Among the reasons for that lack of results is career inclinations, but personal choice is disallowed as a factor in the deterministic, fault-seeking liberal worldview. Women in STEM fields are nearly twice as likely as male STEM workers to say that they seek a job that helps others, according to a Pew Research Center poll. It’s no surprise, therefore, that females are 75 percent of workers in health-related jobs, but only 25 percent of workers in computer jobs and 14 percent of engineering workers. While computer technology and engineering arguably help others as much as health care, the quotidian experience of such work involves less face-to-face interaction with other human beings, something that females on average seek.

It is curious that the #MeToo movement is concerned only with gender representation in particular occupational categories. For instance, most HVAC and refrigeration installers and mechanics are men, yet there is little outcry about getting more girls into vocational training for these jobs. Similarly, virtually all workers in the carting, moving, trucking, and mining industries are males, but female underrepresentation in these high-injury and high-fatality occupations has not sparked celebrity outrage.

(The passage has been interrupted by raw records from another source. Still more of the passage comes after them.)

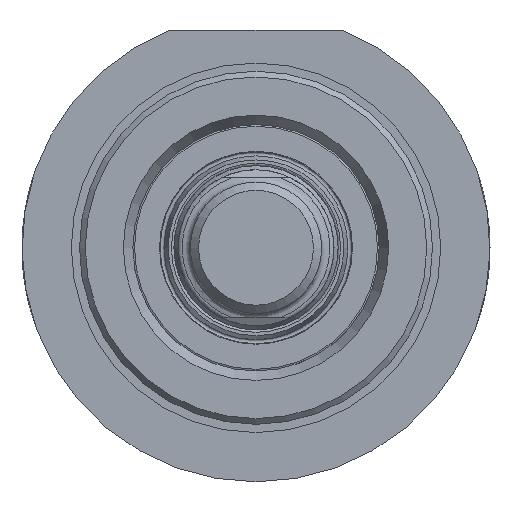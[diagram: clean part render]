
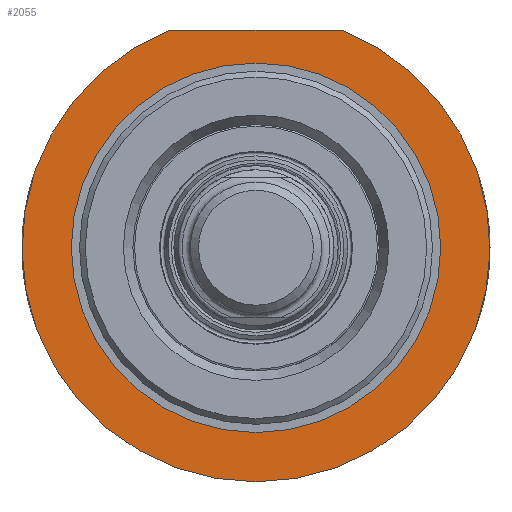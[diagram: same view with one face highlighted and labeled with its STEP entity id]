
A CAD part, front view. The second image highlights one B-rep face of the part: STEP entity #2055.
In plain terms, the highlighted planar face has unit normal (0, -1, 0).
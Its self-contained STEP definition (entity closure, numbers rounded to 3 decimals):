
#2020=CARTESIAN_POINT('',(0.,-83.25,2.273));
#2021=DIRECTION('',(0.0,-1.0,0.0));
#2022=DIRECTION('',(0.0,0.0,-1.0));
#2023=AXIS2_PLACEMENT_3D('',#2020,#2021,#2022);
#2024=PLANE('',#2023);
#2025=CARTESIAN_POINT('',(-10.488,-83.25,26.5));
#2026=VERTEX_POINT('',#2025);
#2027=CARTESIAN_POINT('',(10.488,-83.25,26.5));
#2028=VERTEX_POINT('',#2027);
#2029=CARTESIAN_POINT('',(-10.488,-83.25,26.5));
#2030=DIRECTION('',(1.0,0.0,0.0));
#2031=VECTOR('',#2030,20.976);
#2032=LINE('',#2029,#2031);
#2033=EDGE_CURVE('',#2026,#2028,#2032,.T.);
#2034=ORIENTED_EDGE('',*,*,#2033,.F.);
#2035=CARTESIAN_POINT('',(0.0,-83.25,0.0));
#2036=DIRECTION('',(0.0,1.0,0.0));
#2037=DIRECTION('',(-0.368,0.0,0.93));
#2038=AXIS2_PLACEMENT_3D('',#2035,#2036,#2037);
#2039=CIRCLE('',#2038,28.5);
#2040=EDGE_CURVE('',#2028,#2026,#2039,.T.);
#2041=ORIENTED_EDGE('',*,*,#2040,.F.);
#2042=EDGE_LOOP('',(#2034,#2041));
#2043=FACE_OUTER_BOUND('',#2042,.T.);
#2044=CARTESIAN_POINT('',(0.0,-83.25,22.5));
#2045=VERTEX_POINT('',#2044);
#2046=CARTESIAN_POINT('',(0.0,-83.25,0.0));
#2047=DIRECTION('',(0.0,1.0,0.0));
#2048=DIRECTION('',(0.0,0.0,1.0));
#2049=AXIS2_PLACEMENT_3D('',#2046,#2047,#2048);
#2050=CIRCLE('',#2049,22.5);
#2051=EDGE_CURVE('',#2045,#2045,#2050,.T.);
#2052=ORIENTED_EDGE('',*,*,#2051,.T.);
#2053=EDGE_LOOP('',(#2052));
#2054=FACE_BOUND('',#2053,.T.);
#2055=ADVANCED_FACE('',(#2043,#2054),#2024,.T.);
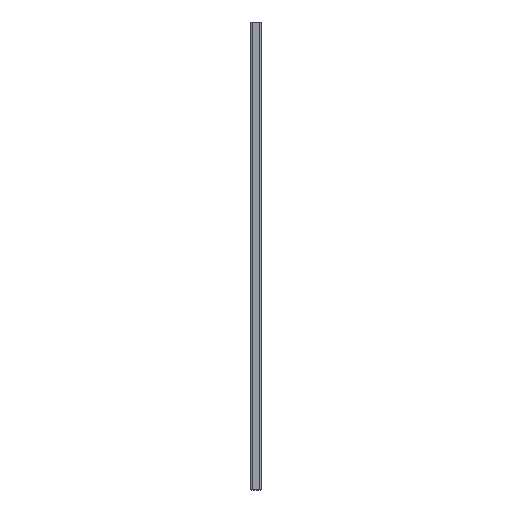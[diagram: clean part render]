
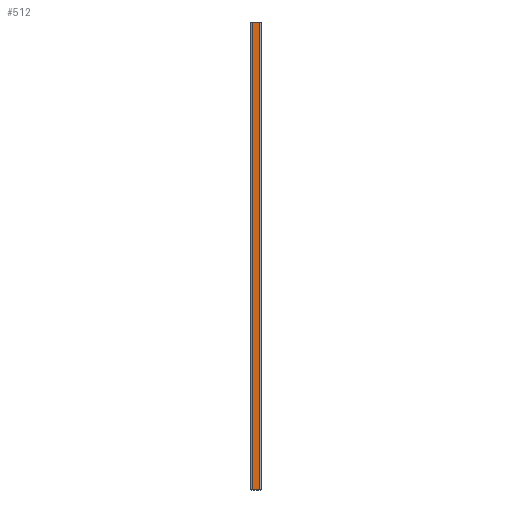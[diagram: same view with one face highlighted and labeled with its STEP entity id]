
A CAD part, top view. The second image highlights one B-rep face of the part: STEP entity #512.
In plain terms, the highlighted planar face has unit normal (0, 0, 1).
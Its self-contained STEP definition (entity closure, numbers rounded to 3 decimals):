
#512=ADVANCED_FACE('',(#1062),#1063,.T.);
#1062=FACE_OUTER_BOUND('',#1627,.T.);
#1063=PLANE('',#1628);
#1627=EDGE_LOOP('',(#3130,#3131,#3132,#3133));
#1628=AXIS2_PLACEMENT_3D('',#3134,#3135,#3136);
#3130=ORIENTED_EDGE('',*,*,#3775,.T.);
#3131=ORIENTED_EDGE('',*,*,#3916,.F.);
#3132=ORIENTED_EDGE('',*,*,#3639,.T.);
#3133=ORIENTED_EDGE('',*,*,#3914,.T.);
#3134=CARTESIAN_POINT('',(0.,1230.0,26.));
#3135=DIRECTION('',(0.0,0.0,1.0));
#3136=DIRECTION('',(-1.0,0.0,0.0));
#3639=EDGE_CURVE('',#4457,#4455,#4458,.T.);
#3775=EDGE_CURVE('',#4684,#4682,#4685,.T.);
#3914=EDGE_CURVE('',#4455,#4684,#4847,.T.);
#3916=EDGE_CURVE('',#4457,#4682,#4849,.T.);
#4455=VERTEX_POINT('',#5580);
#4457=VERTEX_POINT('',#5583);
#4458=LINE('',#5584,#5585);
#4682=VERTEX_POINT('',#5897);
#4684=VERTEX_POINT('',#5900);
#4685=LINE('',#5901,#5902);
#4847=LINE('',#6102,#6103);
#4849=LINE('',#6105,#6106);
#5580=CARTESIAN_POINT('',(-9.342,1230.0,26.));
#5583=CARTESIAN_POINT('',(9.342,1230.0,26.));
#5584=CARTESIAN_POINT('',(9.342,1230.0,26.));
#5585=VECTOR('',#6500,1.0);
#5897=CARTESIAN_POINT('',(9.342,0.0,26.));
#5900=CARTESIAN_POINT('',(-9.342,0.0,26.));
#5901=CARTESIAN_POINT('',(9.342,0.0,26.));
#5902=VECTOR('',#6656,1.0);
#6102=CARTESIAN_POINT('',(-9.342,1230.0,26.));
#6103=VECTOR('',#6824,1.0);
#6105=CARTESIAN_POINT('',(9.342,1230.0,26.));
#6106=VECTOR('',#6825,1.0);
#6500=DIRECTION('',(-1.0,0.0,0.0));
#6656=DIRECTION('',(1.0,0.0,0.0));
#6824=DIRECTION('',(0.0,-1.0,0.0));
#6825=DIRECTION('',(0.0,-1.0,0.0));

As the #MeToo moment swells the demand for ever more draconian diversity mandates, a finding in the Pew Research Center poll on workplace equity is worth noting: the perception of bias is directly proportional to the number of years the perceiver has spent in an American university. Females in STEM businesses who have a postgraduate degree are more than three times as likely as STEM females without a college degree to say that their gender has impeded their success. It is doubtful that those highly educated female STEM workers are actually more subject to chauvinism than their less-educated counterparts. Their workplaces are likely composed of other highly educated products of the academy, marinated for years in an environment dominated by feminist thinking. Those are also the workplaces most subject to external pressures to achieve gender parity. All the incentives run in the opposite direction: away from chauvinism and toward favoring females over males at every possible opportunity. The persistent claim of gender bias is ideological, not empirical. But after #MeToo, it will have an even more disruptive effect.